The Executioner, perhaps the strongest and most genuinely disturbing work in George Condo’s show at the New Museum, might be called a representational painting about the allure of abstract art—or, to be more precise, the allure of letting yourself go in the making of a world of curving, looping, entangling lines. In the good-sized picture, painted in 1984 when Condo was twenty-seven and having his first significant New York shows, we look at a chunky and boyish fantasy character in knee-high pants whose little head has come off and sits by his feet. As with Edward Scissorhands, his black and squidlike hands have a life of their own: they sprout black lines that curl and wind above, around, and beneath him, making a kind of curvilinear stage set, and the spaces between these thick and thin lines are filled with more lines in the form of countless doodles.

Deft, ingenious, and creepy, The Executioner engages us as a literary puzzle picture even as it has a powerful sheerly visual presence. It presents a boy who couldn’t stop doodling and in the process lost his head.
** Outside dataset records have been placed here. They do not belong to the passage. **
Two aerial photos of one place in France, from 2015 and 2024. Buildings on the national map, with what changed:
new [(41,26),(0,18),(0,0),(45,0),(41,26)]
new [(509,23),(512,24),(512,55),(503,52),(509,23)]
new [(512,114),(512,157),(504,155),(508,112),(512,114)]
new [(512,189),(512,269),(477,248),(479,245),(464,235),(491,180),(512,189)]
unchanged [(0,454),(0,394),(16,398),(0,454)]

We see someone brought down by his own gushing gift.

This admittedly tidy and moralistic interpretation may not be the only one The Executioner provokes. But it comes to mind at George Condo’s exhibition, where we encounter an artist whose work has about it something of the trade-off that is one way of looking at The Executioner. A fantasist, Condo presents in his numerous kinds of pictures a blend of a Bugs Bunnyish surrealism, a connoisseur’s appreciation of earlier artists, and what might be called a cynic’s glee at human ugliness. And whether in his feeling for the linear in itself, or for color or brushwork, he is a maestro. He has a musician’s rhythm in the placement of shapes, and he brings off works of every size with an elegantly nonchalant, rough-at-the-edges touch. Yet the wacky, and increasingly grotesque and sour, realm he shows feels whipped up and insubstantial. And hanging over too much of his art is the sense that, assured as his sheer artistry is, Condo himself is less tangible than the artists of the past he evokes in his pictures. His art seems to be missing something, like the fellow in The Executioner.
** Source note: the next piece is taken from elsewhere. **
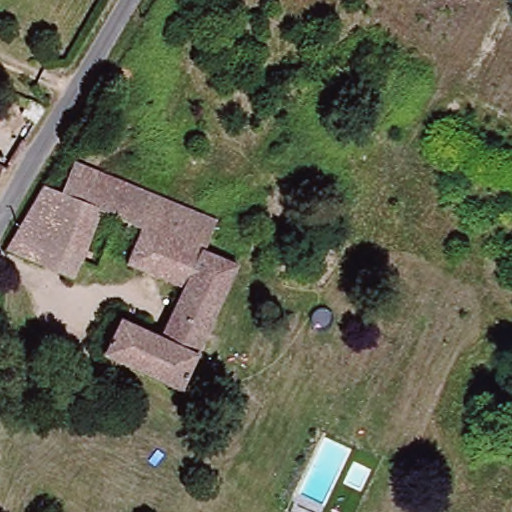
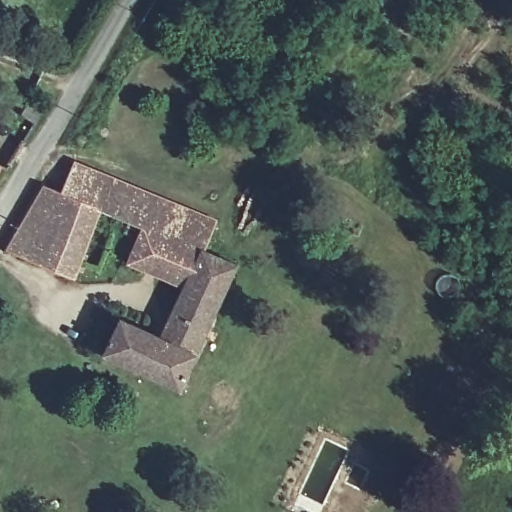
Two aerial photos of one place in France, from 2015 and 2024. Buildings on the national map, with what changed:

George Condo is a member of a generation of artists who, first showing in the late 1970s and early 1980s, turned the art world upside down. After well over a decade in which graduate school art teaching and art magazine theorizing maintained that painting—unlike, say, the nascent and somehow connected fields of conceptual, video, and performance art—could no longer be a vehicle for serious thought or feeling, Condo was one of a number of artists, including David Salle, Keith Haring, Carroll Dunham, Jean-Michel Basquiat, Terry Winters, and Julian Schnabel, who arrived with the news that painting remained an endeavor filled with possibilities. Even more heretical, and abetted by similar work coming from Europe, they held that painting that had in it representational elements, whether taken as quotations from other art, cartoons, the world of natural science, or existing photographs, could be forceful and contemporary in spirit as well. Of these painters, Condo was among the last to arrive on the scene and he is almost the last to receive a major show at a New York museum.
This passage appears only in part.